• [Exercise data]

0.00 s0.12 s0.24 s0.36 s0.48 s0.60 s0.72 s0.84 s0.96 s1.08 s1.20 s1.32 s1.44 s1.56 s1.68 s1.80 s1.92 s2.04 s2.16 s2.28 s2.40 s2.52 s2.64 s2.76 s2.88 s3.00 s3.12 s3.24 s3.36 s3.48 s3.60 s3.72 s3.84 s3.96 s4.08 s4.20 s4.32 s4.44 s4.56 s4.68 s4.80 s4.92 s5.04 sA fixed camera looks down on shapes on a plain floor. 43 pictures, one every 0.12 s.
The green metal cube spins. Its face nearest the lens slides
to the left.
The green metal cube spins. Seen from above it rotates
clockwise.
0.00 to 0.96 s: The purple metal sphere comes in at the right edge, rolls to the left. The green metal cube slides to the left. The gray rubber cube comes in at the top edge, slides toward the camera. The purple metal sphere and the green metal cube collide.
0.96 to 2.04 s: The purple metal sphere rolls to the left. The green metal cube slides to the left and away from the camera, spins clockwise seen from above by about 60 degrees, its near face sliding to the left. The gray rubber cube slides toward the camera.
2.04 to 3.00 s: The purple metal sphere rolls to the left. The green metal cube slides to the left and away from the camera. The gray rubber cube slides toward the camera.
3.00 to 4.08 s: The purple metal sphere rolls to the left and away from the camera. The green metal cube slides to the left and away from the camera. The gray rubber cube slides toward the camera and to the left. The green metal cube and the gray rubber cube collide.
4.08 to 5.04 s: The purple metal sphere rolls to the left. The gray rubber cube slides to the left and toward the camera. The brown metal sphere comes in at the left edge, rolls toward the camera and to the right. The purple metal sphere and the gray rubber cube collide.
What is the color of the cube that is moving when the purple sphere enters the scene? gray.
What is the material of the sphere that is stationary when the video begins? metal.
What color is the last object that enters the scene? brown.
==
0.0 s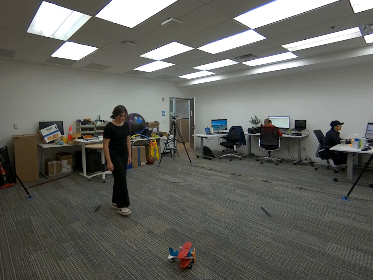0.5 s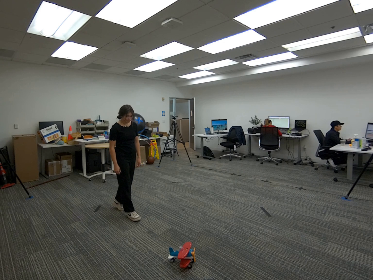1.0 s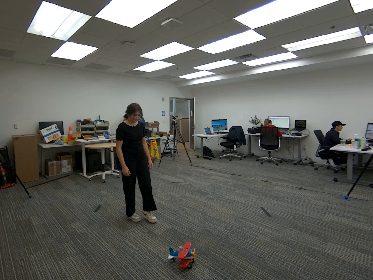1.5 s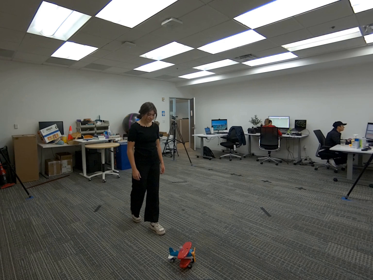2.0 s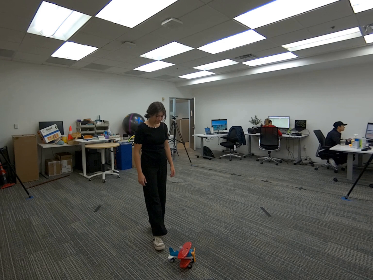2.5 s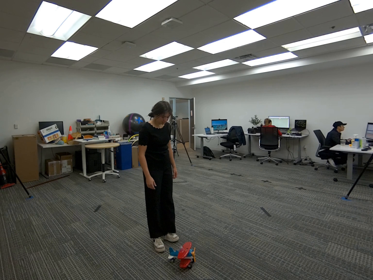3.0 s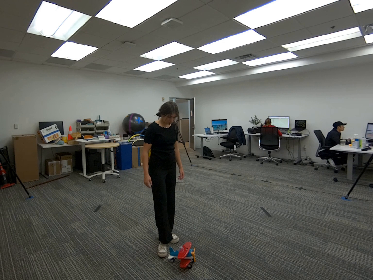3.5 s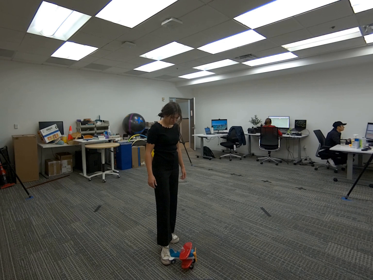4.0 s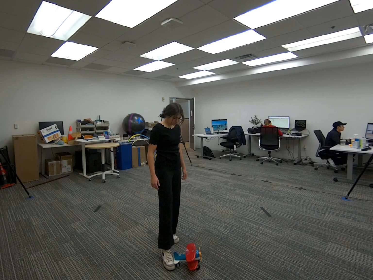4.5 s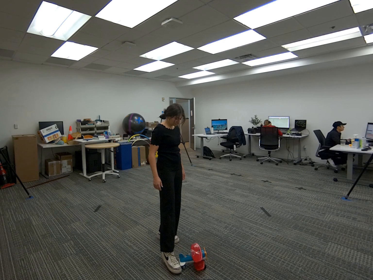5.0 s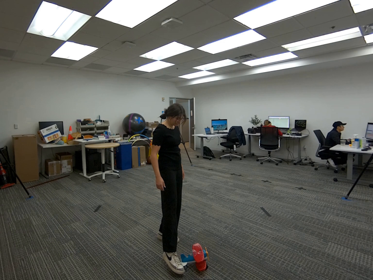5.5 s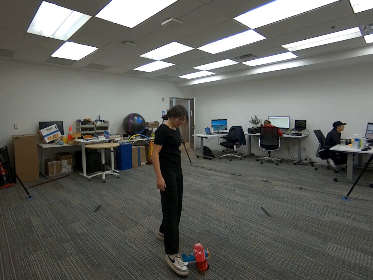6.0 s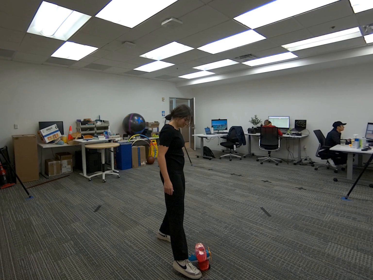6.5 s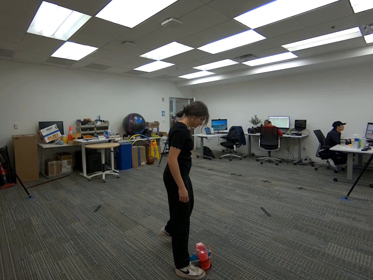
...
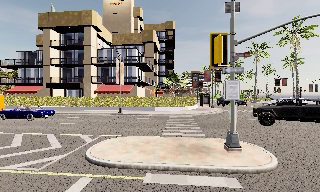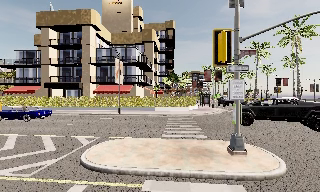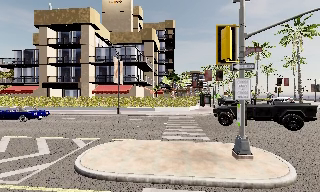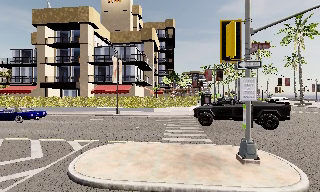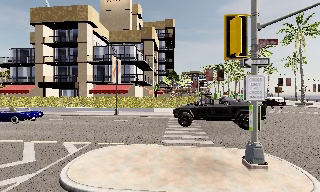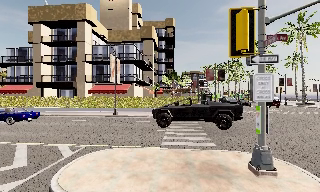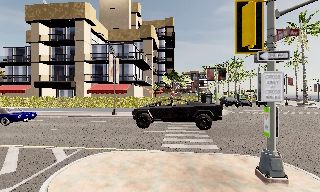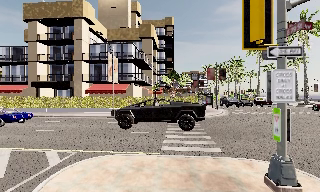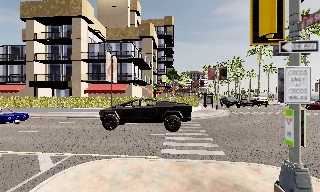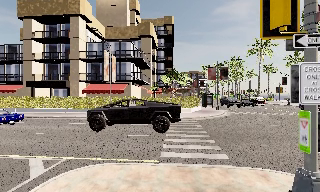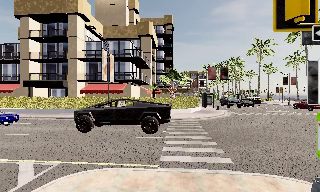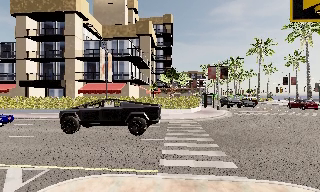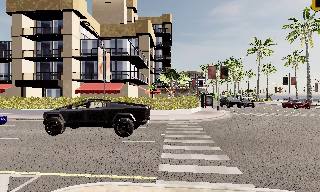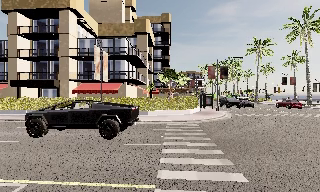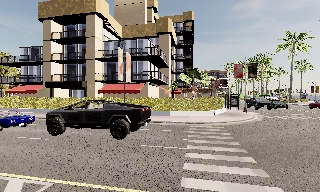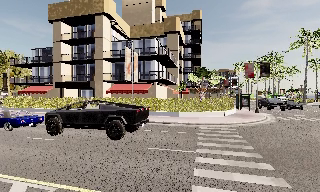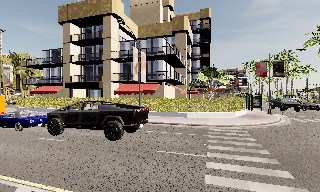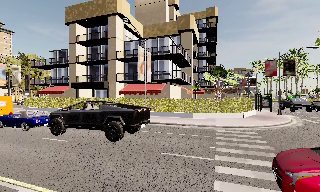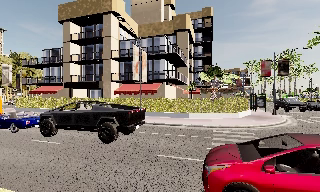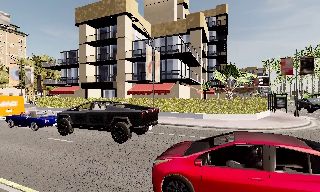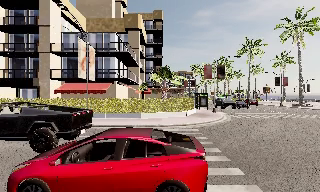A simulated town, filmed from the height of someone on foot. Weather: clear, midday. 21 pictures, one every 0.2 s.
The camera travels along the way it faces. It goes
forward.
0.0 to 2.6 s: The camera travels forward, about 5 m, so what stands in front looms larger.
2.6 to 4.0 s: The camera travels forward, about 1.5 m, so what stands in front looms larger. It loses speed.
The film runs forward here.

• [Exercise prompt] Restate word for word the lines in the material above from the one with "The green metal cube spins. Its" to the one with "What color is"; both of those lines count, and nothing else does.

• [Answer area]
The green metal cube spins. Its face nearest the lens slides
to the left.
The green metal cube spins. Seen from above it rotates
clockwise.
0.00 to 0.96 s: The purple metal sphere comes in at the right edge, rolls to the left. The green metal cube slides to the left. The gray rubber cube comes in at the top edge, slides toward the camera. The purple metal sphere and the green metal cube collide.
0.96 to 2.04 s: The purple metal sphere rolls to the left. The green metal cube slides to the left and away from the camera, spins clockwise seen from above by about 60 degrees, its near face sliding to the left. The gray rubber cube slides toward the camera.
2.04 to 3.00 s: The purple metal sphere rolls to the left. The green metal cube slides to the left and away from the camera. The gray rubber cube slides toward the camera.
3.00 to 4.08 s: The purple metal sphere rolls to the left and away from the camera. The green metal cube slides to the left and away from the camera. The gray rubber cube slides toward the camera and to the left. The green metal cube and the gray rubber cube collide.
4.08 to 5.04 s: The purple metal sphere rolls to the left. The gray rubber cube slides to the left and toward the camera. The brown metal sphere comes in at the left edge, rolls toward the camera and to the right. The purple metal sphere and the gray rubber cube collide.
What is the color of the cube that is moving when the purple sphere enters the scene? gray.
What is the material of the sphere that is stationary when the video begins? metal.
What color is the last object that enters the scene? brown.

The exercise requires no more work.